Work order:
Every entry is to be returned exactly as it stands; the pictures are to be dropped.

_ _ _ _ _ _ _

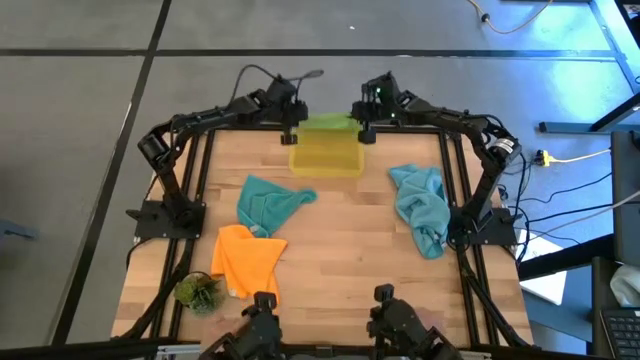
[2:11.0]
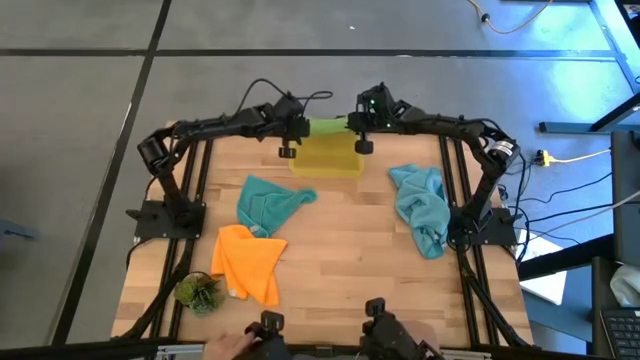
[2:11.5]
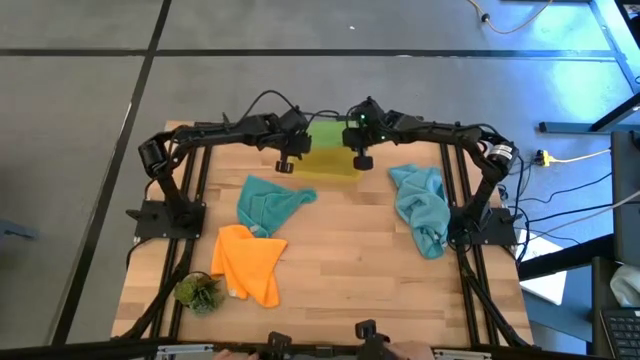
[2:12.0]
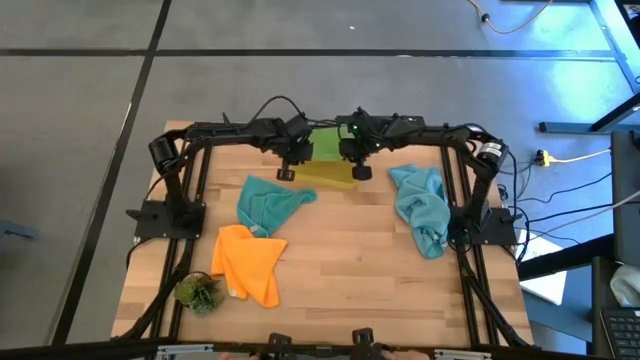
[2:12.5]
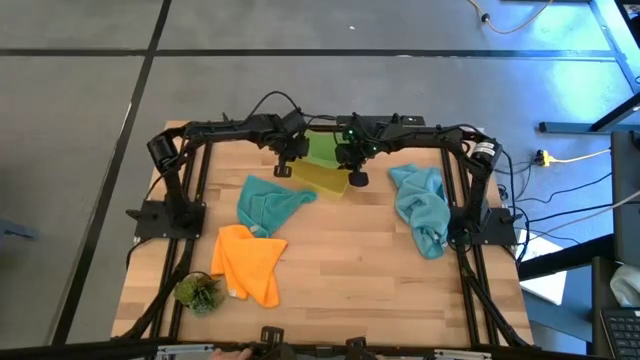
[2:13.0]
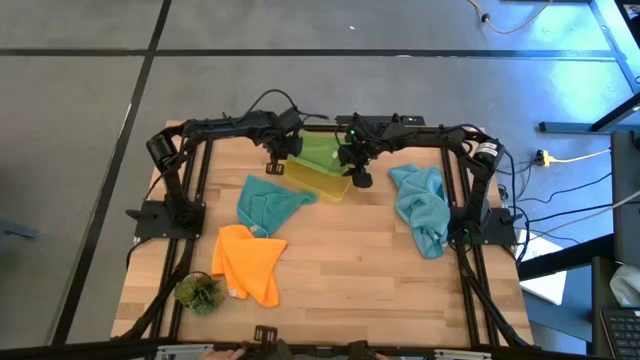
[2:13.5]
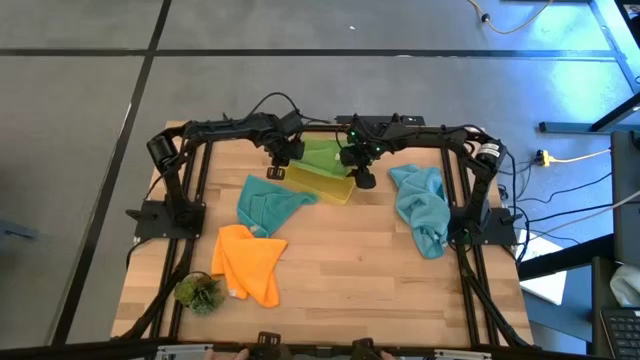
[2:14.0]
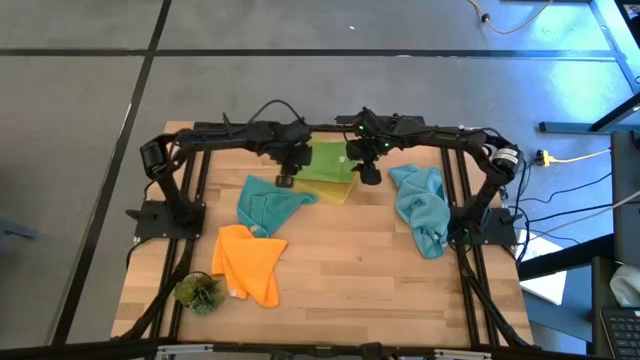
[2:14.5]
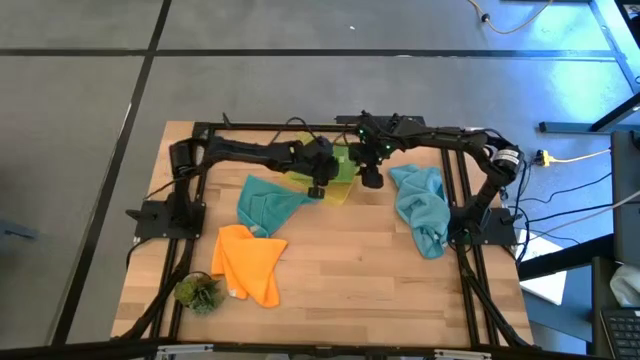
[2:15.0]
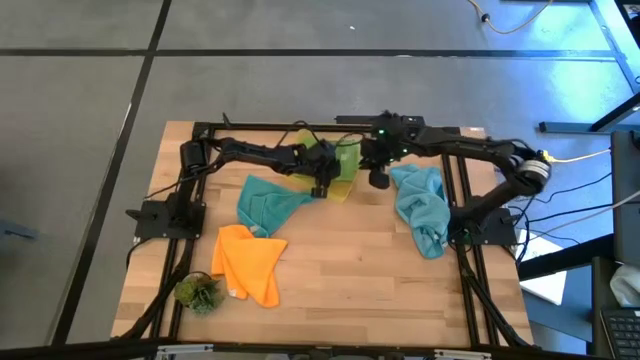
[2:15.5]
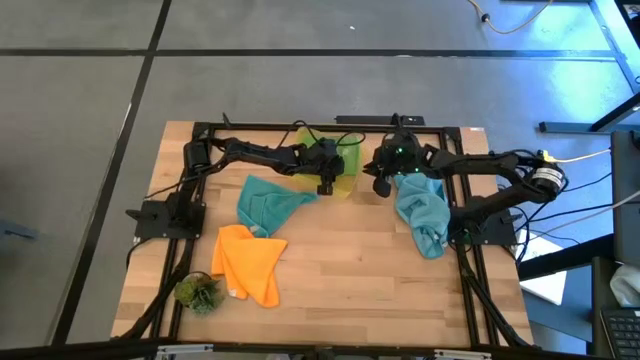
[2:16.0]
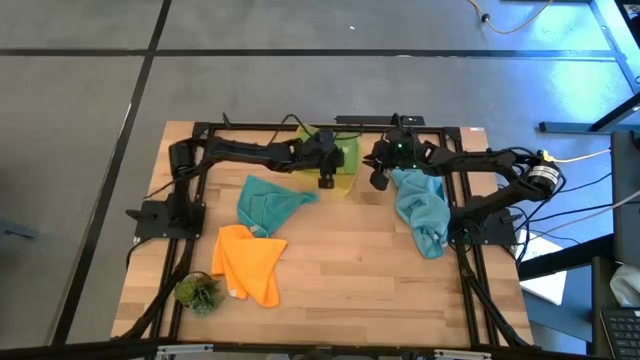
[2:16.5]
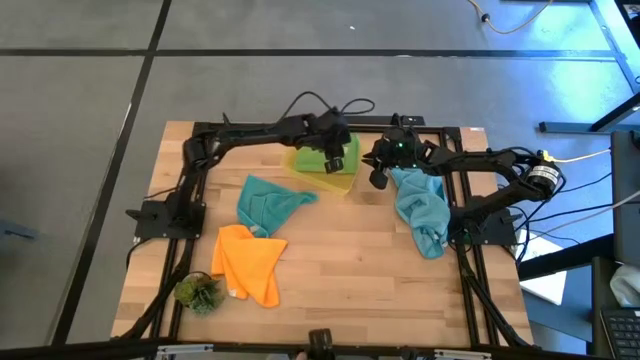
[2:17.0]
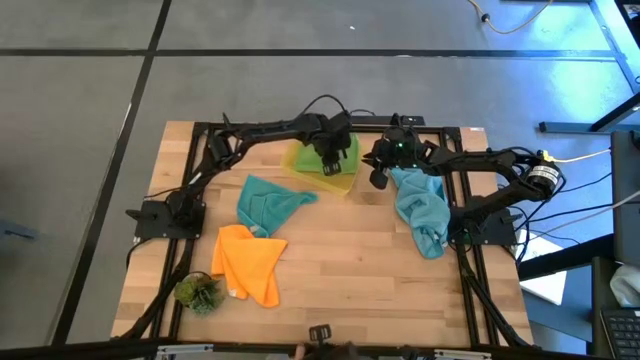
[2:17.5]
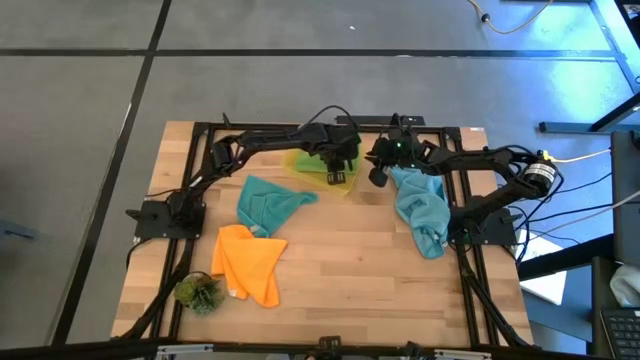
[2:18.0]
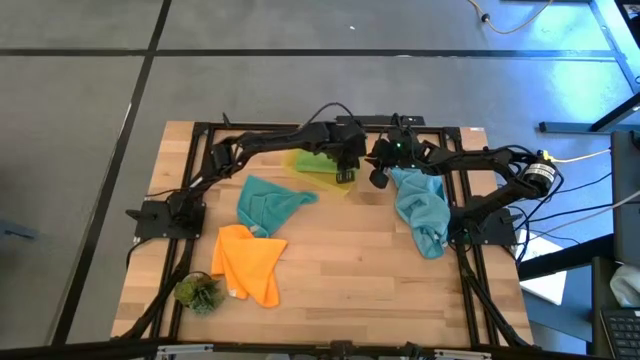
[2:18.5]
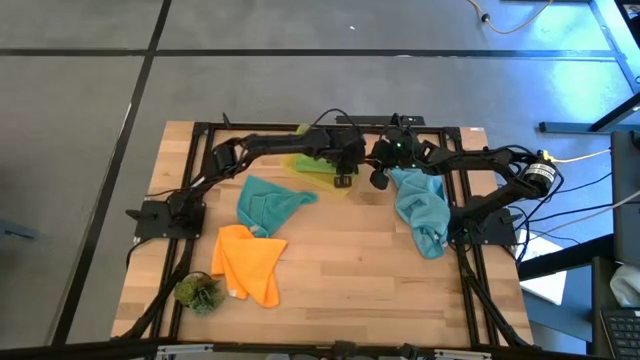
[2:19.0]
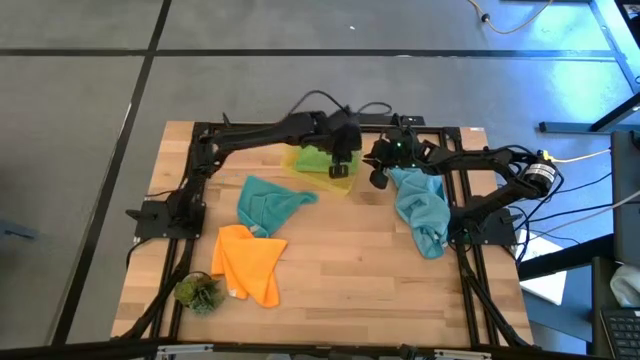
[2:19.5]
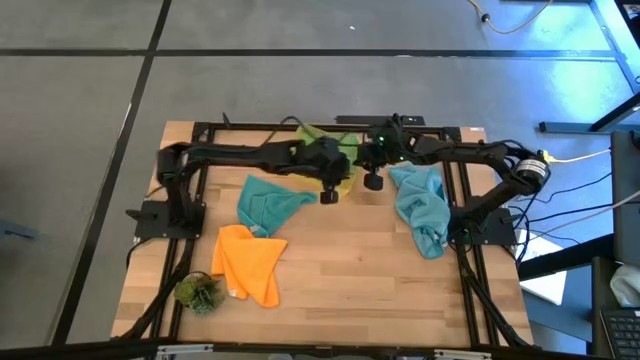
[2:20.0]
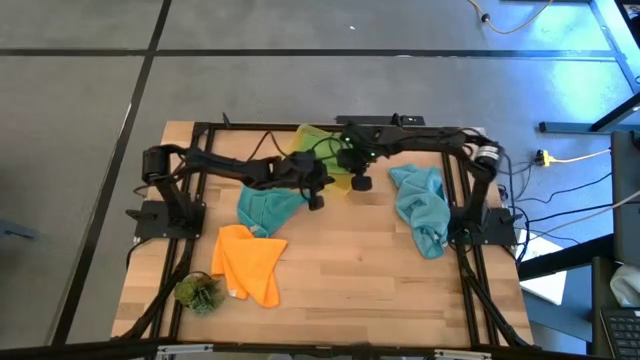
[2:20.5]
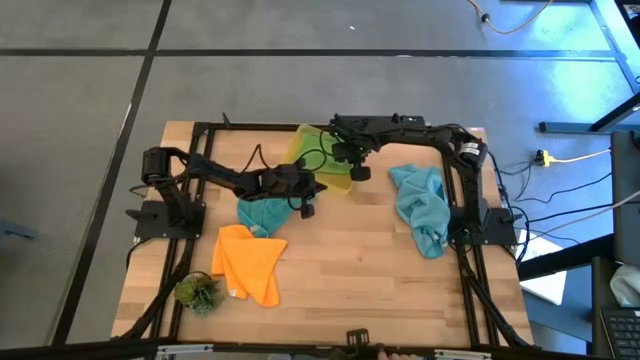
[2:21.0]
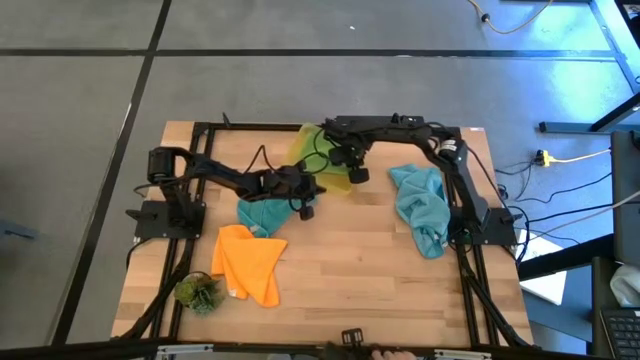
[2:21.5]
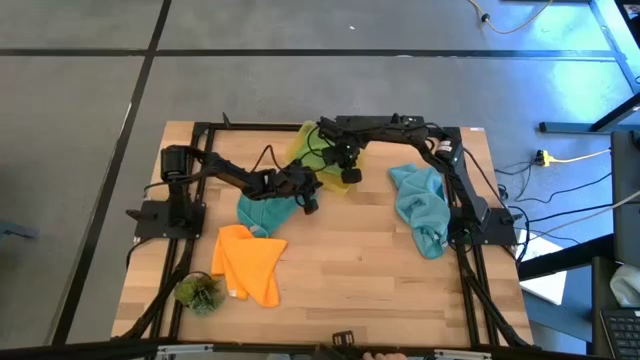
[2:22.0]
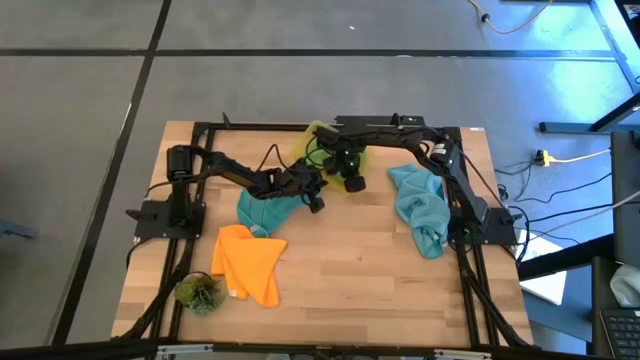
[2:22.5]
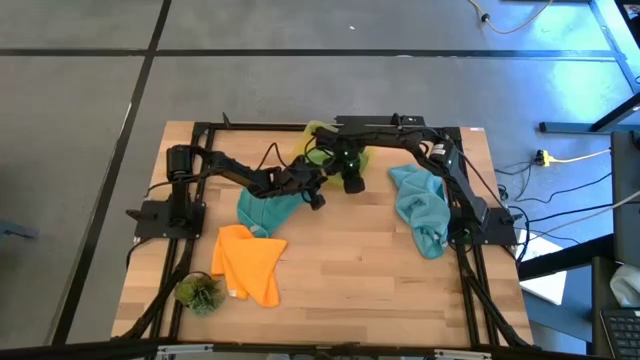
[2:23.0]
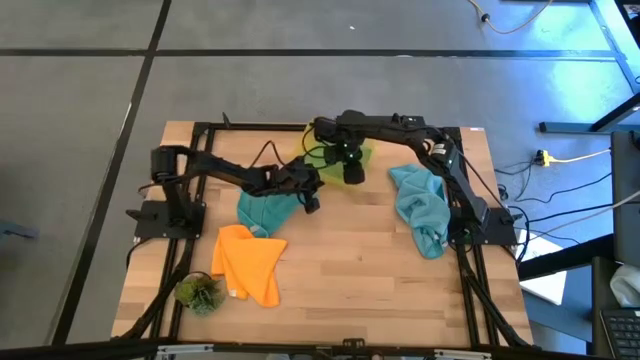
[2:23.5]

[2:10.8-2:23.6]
Task: Fold microfiber towels
Put the green microfiber cloth into the yellow bin

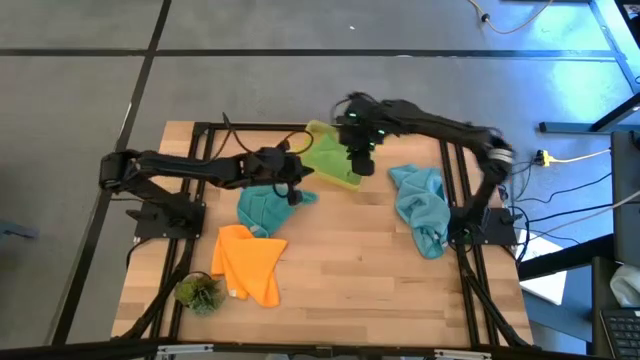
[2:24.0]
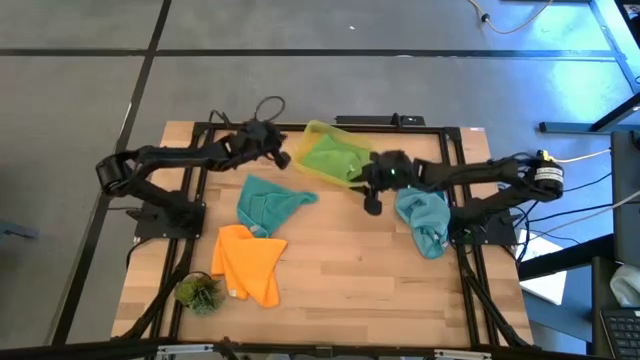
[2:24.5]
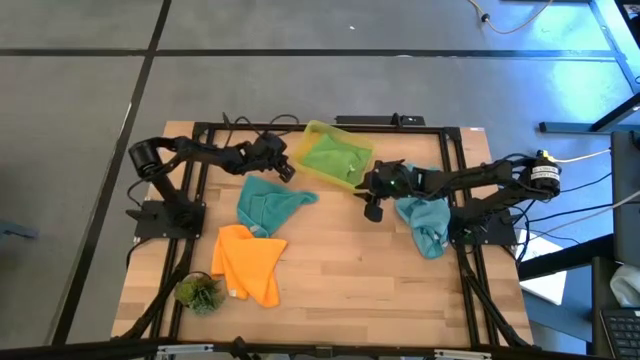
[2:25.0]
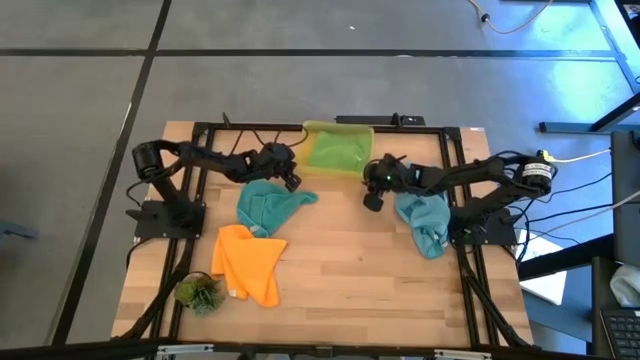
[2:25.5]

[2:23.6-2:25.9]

_ _ _ _ _ _ _

Output of the exercise:
[2:11.0]
[2:11.5]
[2:12.0]
[2:12.5]
[2:13.0]
[2:13.5]
[2:14.0]
[2:14.5]
[2:15.0]
[2:15.5]
[2:16.0]
[2:16.5]
[2:17.0]
[2:17.5]
[2:18.0]
[2:18.5]
[2:19.0]
[2:19.5]
[2:20.0]
[2:20.5]
[2:21.0]
[2:21.5]
[2:22.0]
[2:22.5]
[2:23.0]
[2:23.5]

[2:10.8-2:23.6]
Task: Fold microfiber towels
Put the green microfiber cloth into the yellow bin

[2:24.0]
[2:24.5]
[2:25.0]
[2:25.5]

[2:23.6-2:25.9]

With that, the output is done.